One example is shown in the figure below (the white tiles in the left
image are the selected tiles, which are colored in the right image).
You will be given a String board containing N
elements, each of them M characters long, with a character '#'
indicating that the tile in the corresponding position belongs to the
selected tiles (i.e., to be colored, the white tiles in the example
above), a character '.' indicating a tile that shall be ignored
(the gray tiles in the example above).
Return a String representing the red pattern,
cropping the image to the smallest rectangle that contains all the red tiles.
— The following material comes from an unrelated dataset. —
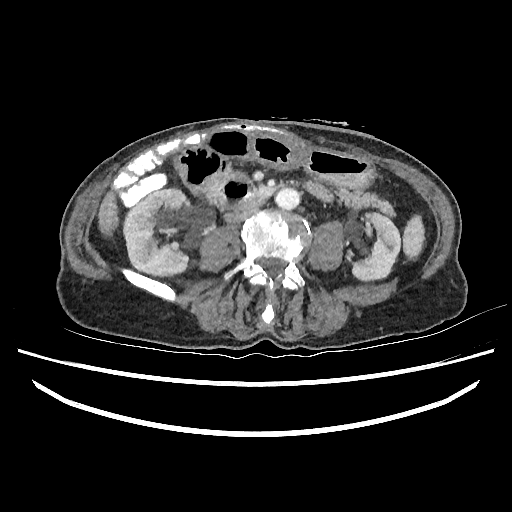

Abdomen. CT slice. 512x512 px.

Liver = l=99, t=192, r=118, b=233.
Kidney = l=124, t=190, r=188, b=275; l=352, t=213, r=400, b=279.

Use the character '#' to denote tiles painted in red, '.' to denote other
tiles. If there are several ways to color the tiles so that two
equal patterns are created (one in red, one in blue), use the solution
in which the red pattern has the smallest width (horizontal
distance from the leftmost red tile to the rightmost red tile). If there
are several ways with the smallest width, use the solution among them
with the smallest height (vertical distance from the uppermost red tile
to the lowermost red tile).
If there is still a tie, use the one among the tied ones that comes first
lexicographically after you concatenate the Strings representing
the solution ('#' comes before '.').
If there is no solution, return an empty String.